Growing up in a communist and post-communist Hungary, with parents who could rarely travel under very limited conditions, I always knew that I won't be living in the country for all my life. With the collapse of communism, there was a cultural shift and for better or worse that made it possible for one to be truly open for another culture.
I was 16 years old when a friend of my mother, the head of one of the first model agencies in the country, asked me to represent the country on a modeling competition. I came back from the contest winning a 3 year contract, requiring me to move to France. After many sleepless nights me and my parents decided that it was too early, I had to finish school, and declined the offer. Nevertheless, this was a confirmation for something that I longed to so much it could be a real possibility one day. I went back to school, passed my language exams in English and Japanese, and focused on my final exams.
Graduating high school, once again, I was contacted by a modeling agency to travel and work abroad. This time I had no ties to keep me back. I left home with a luggage and was working and on the go for the next 4 years. I lived in New York, Paris, London, Milan, Tokyo and Sydney, and have traveled extensively around the globe. I met interesting people and I was independent in so many ways one can hardly imagine. I loved the mash of cultures, and for the most part I flourished. But modeling is a very lonely profession and I had no channels to share my experiences. I also missed working towards goals, being challenged intellectually. I found a small, but very international liberal arts university in Paris with like-minded nomadic souls. Being back to an academic setting I felt finally at peace.
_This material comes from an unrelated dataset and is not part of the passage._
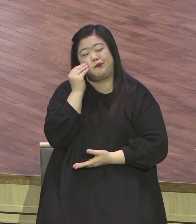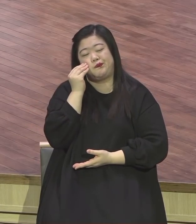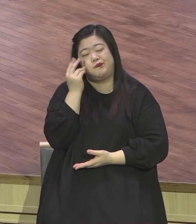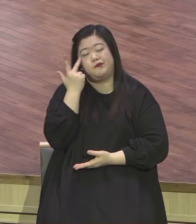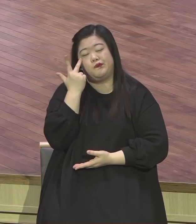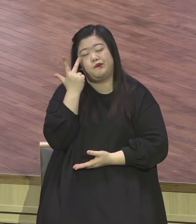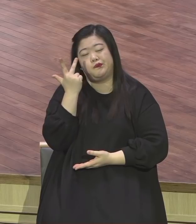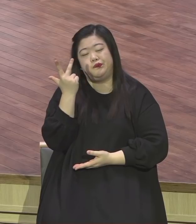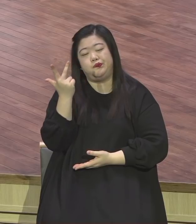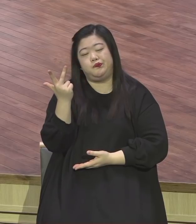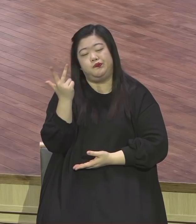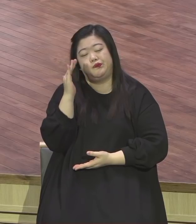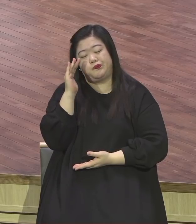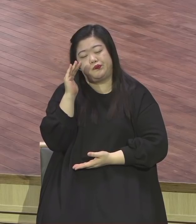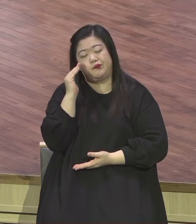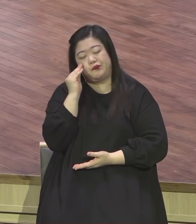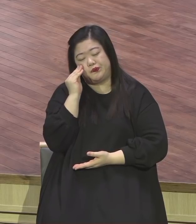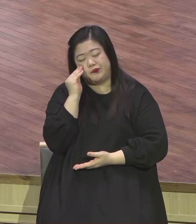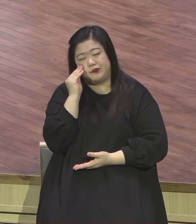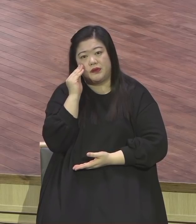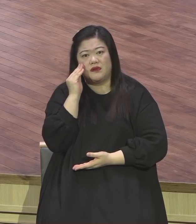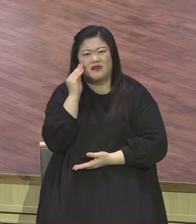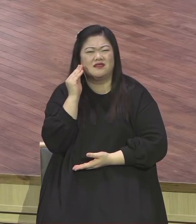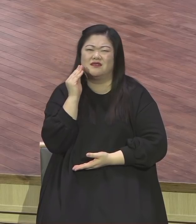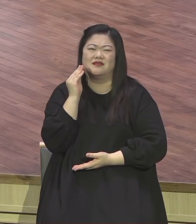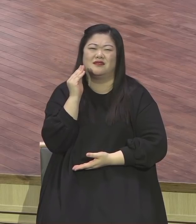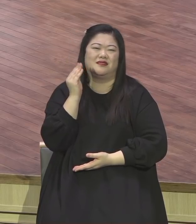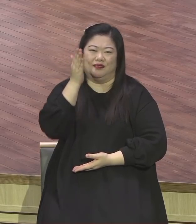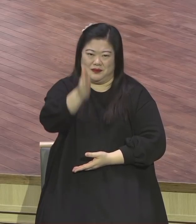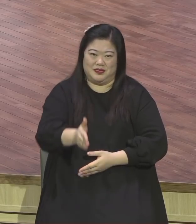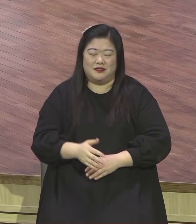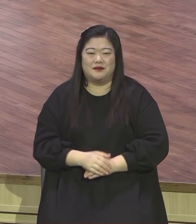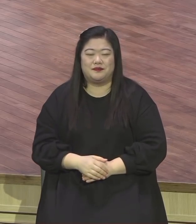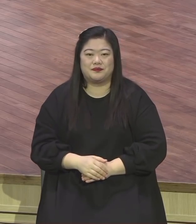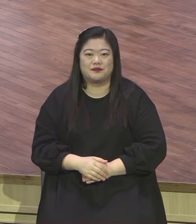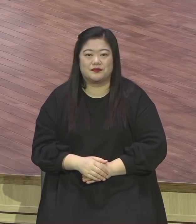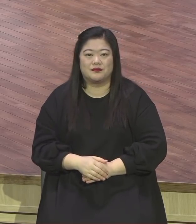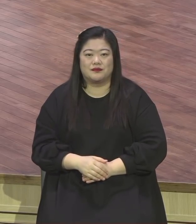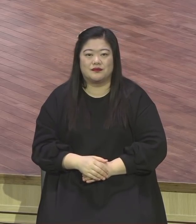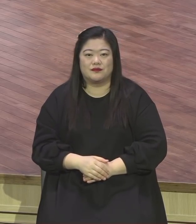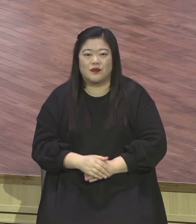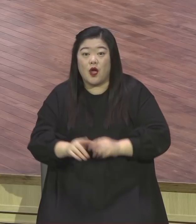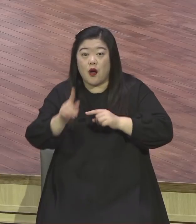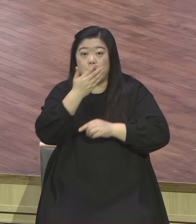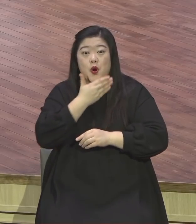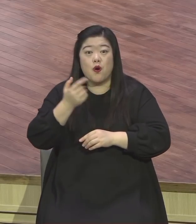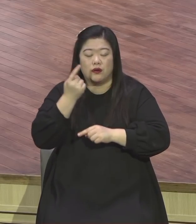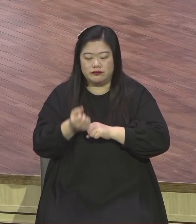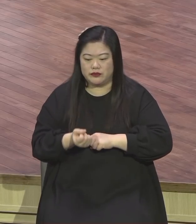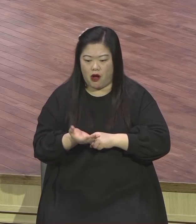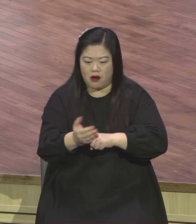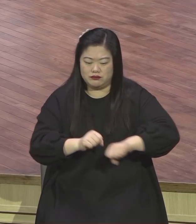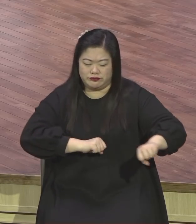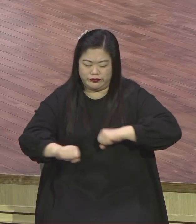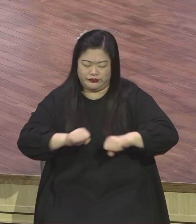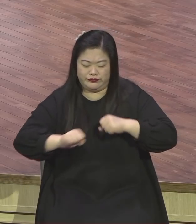2021년 이렇게 영적으로 생동함이 넘치는 언약의 생활을 살면서 백배로 결심을 맺는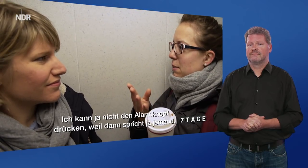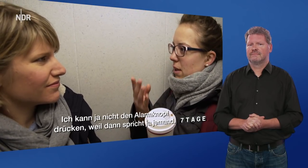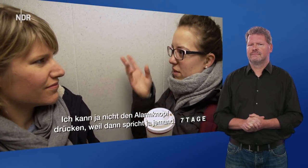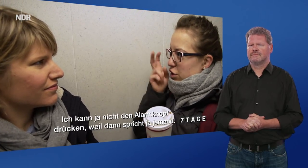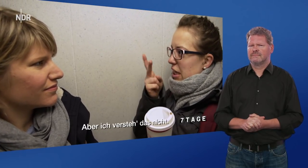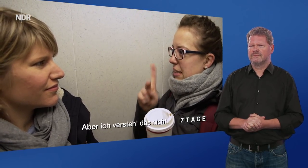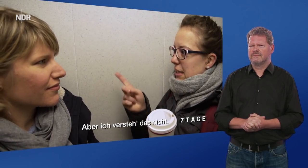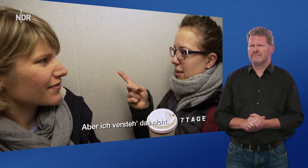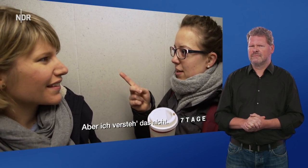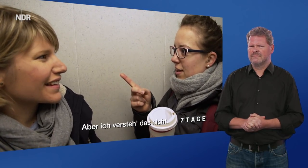nicht. Aber ich versteh das nicht.

I worked in fashion for 7 years by the time I graduated when I realized that it may not be only a tool to travel and choose my education, but to better understand consumers. Customs, mindsets, mainstream and subcultures across the world can differ but our souls are very similar. To me, it was only after graduating from college that I fully appreciated the world being my oyster. Only then I drew parallels, made connections between what I have seen before and the deeper meaning of it, that finally led me to New York, studying branding, the ultimate intersection of those.
The last decade had certainly made me tougher. In Eastern Europe people show more vulnerability, naturally. In the West, I feel we just learn the importance of showing fragility. To me it was, and sometimes still is, the most difficult thing to conform. I also miss the simplicity of home. Home-made food, abundances of books walking into any home, the firmness of a hug. Going back now, however, is not a route for me. I changed, I adapted to the West. It made me tougher, yet hopeful. Hopeful that I can work towards a better future for which the lens of viability is not the immediate return.